Are you surprised that the market has been so sanguine to any kind of response or any kind of geopolitical disruption?

82.124 - 104.158 Jamie Dimon

Hi, Lisa. Hi, Bloomberg. Not really. So one of our brilliant folks wrote a report years ago, Mike Semlos, that if you look at all these wars around the world since World War II, The market reacts, but it never had a real long-term effect other than the Israeli conflict where the oil prices tripled and went out for an extended period of time in 1973.

104.618 - 122.26 Jamie Dimon

So the world kind of takes its stride, but geopolitics is a major issue. It's much more complex today than it has been since World War II. I'm talking about Ukraine, Russia, Iran, North Korea, all related with China. And that could have an effect, but it may not. So these things may diminish over time.

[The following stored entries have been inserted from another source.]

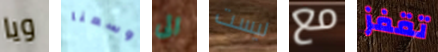
ويا وسعنا الى ليست مع تقفز
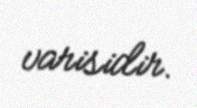
varisidir.
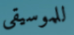
للموسيقى
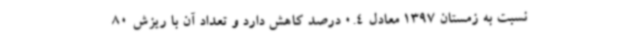
نسبت به زمستان 1397 معادل 0.4 درصد کاهش دارد و تعداد آن با ریزش 80
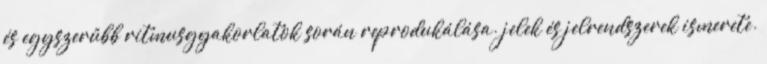
és egyszerűbb ritmusgyakorlatok során reprodukálása. jelek és jelrendszerek ismerete.
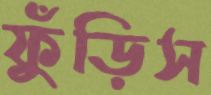
ফুঁড়িস
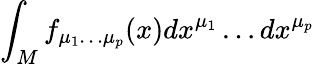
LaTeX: \int_{M}f_{\mu_{1}\dots\mu_{p}}(x)dx^{\mu_{1}}\dots dx^{\mu_{p}}
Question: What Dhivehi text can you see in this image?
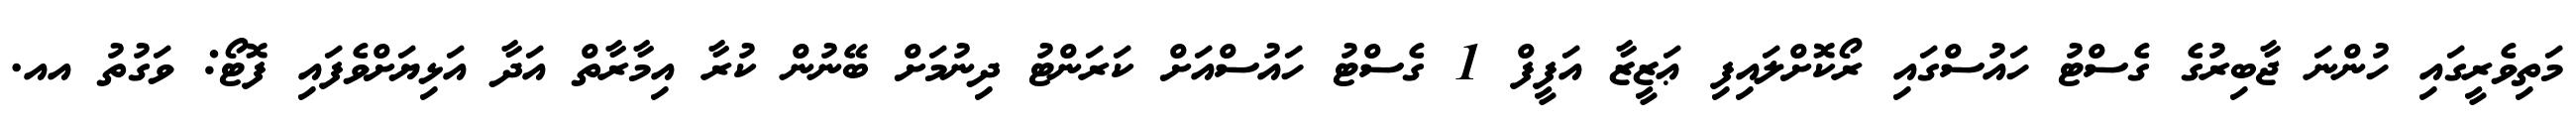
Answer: މަތިވެރީގައި ހުންނަ ޖާބިރުގެ ގެސްޓު ހައުސްގައި ރޯކޮށްލައިފި ޢަޒީޒާ އަފީފް 1 ގެސްޓު ހައުސްއަށް ކަރަންޓު ދިނުމަށް ބޭނުން ކުރާ އިމާރާތް އަދާ އަޅިޔަށްވެފައި ފޮޓޯ: ވަގުތު އއ.
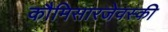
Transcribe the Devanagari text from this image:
कौमिसारजेवस्की
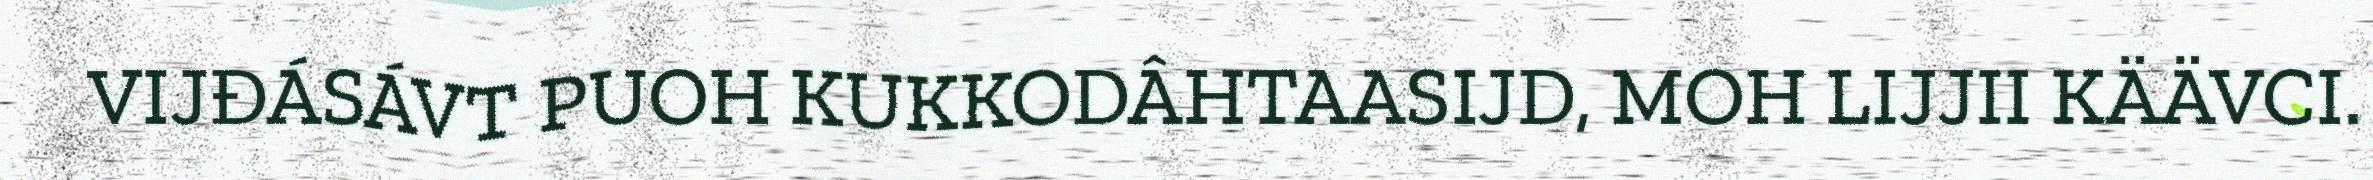
VIJĐÁSÁVT PUOH KUKKODÂHTAASIJD, MOH LIJJII KÄÄVCI.
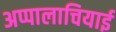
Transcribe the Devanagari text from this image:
अप्पालाचियाई
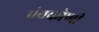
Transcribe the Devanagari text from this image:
पंचकोणी
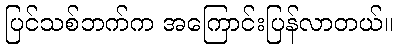
ပြင်သစ်ဘက်က အကြောင်းပြန်လာတယ်။
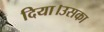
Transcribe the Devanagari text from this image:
दिया।उसका
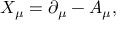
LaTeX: X _ { \mu } = \partial _ { \mu } - A _ { \mu } ,
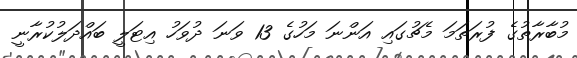
މުބާރާތުގެ ފުރަތަމަ މެޗުގައި އަންނަ މަހުގެ 13 ވަނަ ދުވަހު އިޓަލީ ބައްދަލުކުރާނީ
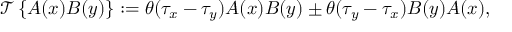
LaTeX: { \mathcal { T } } \left\{ A ( x ) B ( y ) \right\} : = \theta ( \tau _ { x } - \tau _ { y } ) A ( x ) B ( y ) \pm \theta ( \tau _ { y } - \tau _ { x } ) B ( y ) A ( x ) ,
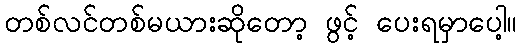
တစ်လင်တစ်မယားဆိုတော့ ဖွင့် ပေးရမှာပေါ့။
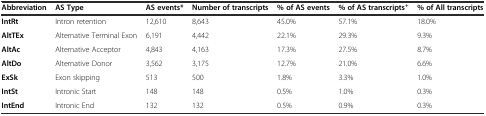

122.24 - 134.717 Jamie Dimon

This war with Iran, if it's short and oil goes to 80 or 90 or 100, but it's short and not prolonged, it probably won't have a major effect. If it becomes prolonged, then all bets are off the table.

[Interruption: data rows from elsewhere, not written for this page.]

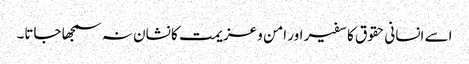
اسے انسانی حقوق کا سفیر اور امن و عزیمت کا نشان نہ سمجھا جاتا۔
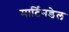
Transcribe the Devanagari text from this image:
मार्टिनडेल
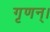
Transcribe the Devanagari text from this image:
गृणन्।
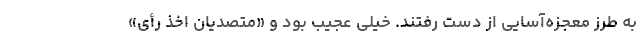
به طرز معجزه‌آسایی از دست رفتند. خیلی عجیب بود و «متصدیان اخذ رأی»
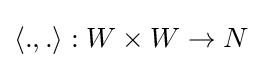
\langle .,.\rangle :W\times W\to N
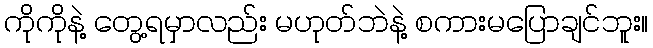
ကိုကိုနဲ့ တွေ့ရမှာလည်း မဟုတ်ဘဲနဲ့ စကားမပြောချင်ဘူး။
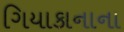
ગિયાકાનાના
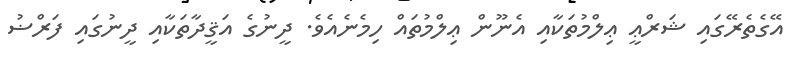
އޭގެތެރޭގައި ޝަރްޢީ ޢިލްމުތަކާއި އެނޫން ޢިލްމުތައް ހިމެނެއެވެ. ދީނުގެ އަޤީދާތަކާއި ދީނުގައި ފަރްޟު
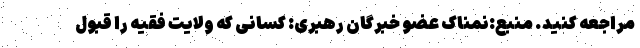
مراجعه کنید. منبع:نمناک عضو خبرگان رهبری: کسانی که ولایت فقیه را قبول
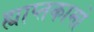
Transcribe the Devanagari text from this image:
ह्याप्तकामो
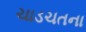
ચાડચતના
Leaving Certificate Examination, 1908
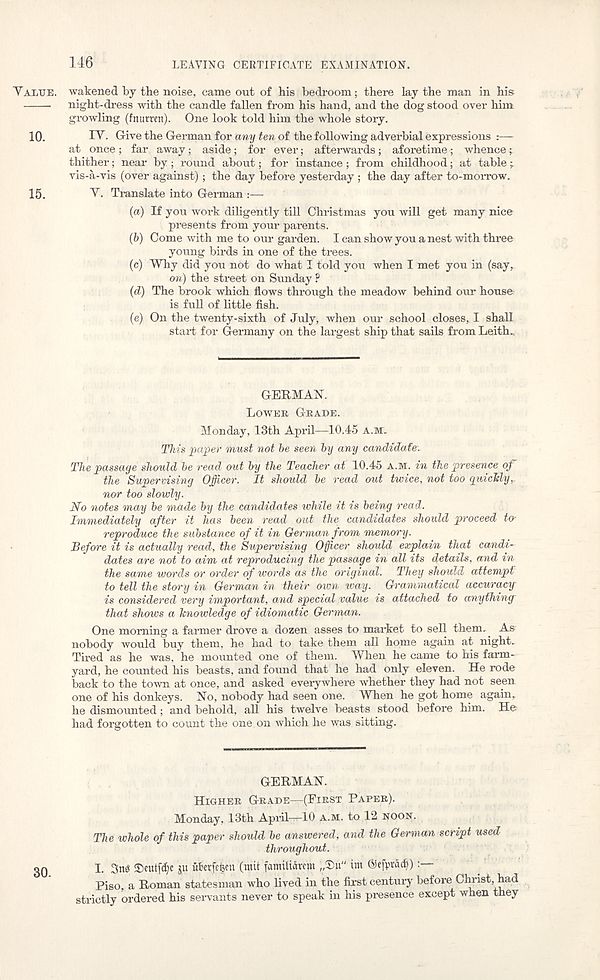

134.797 - 141.987 Lisa Abramowitz

How offsides would this market be if there were truly a stagflationary shock, given the fact that there seems to be comfort with the idea of disinflation right now?

Chapter 2: What impact does the Iran war have on global markets?

173.759 - 182.311 Jamie Dimon

Other things, inflation's a big thing, it's not just oil. So we'll see, right now this will add a little bit, literally a teeny bit to inflation, not a lot.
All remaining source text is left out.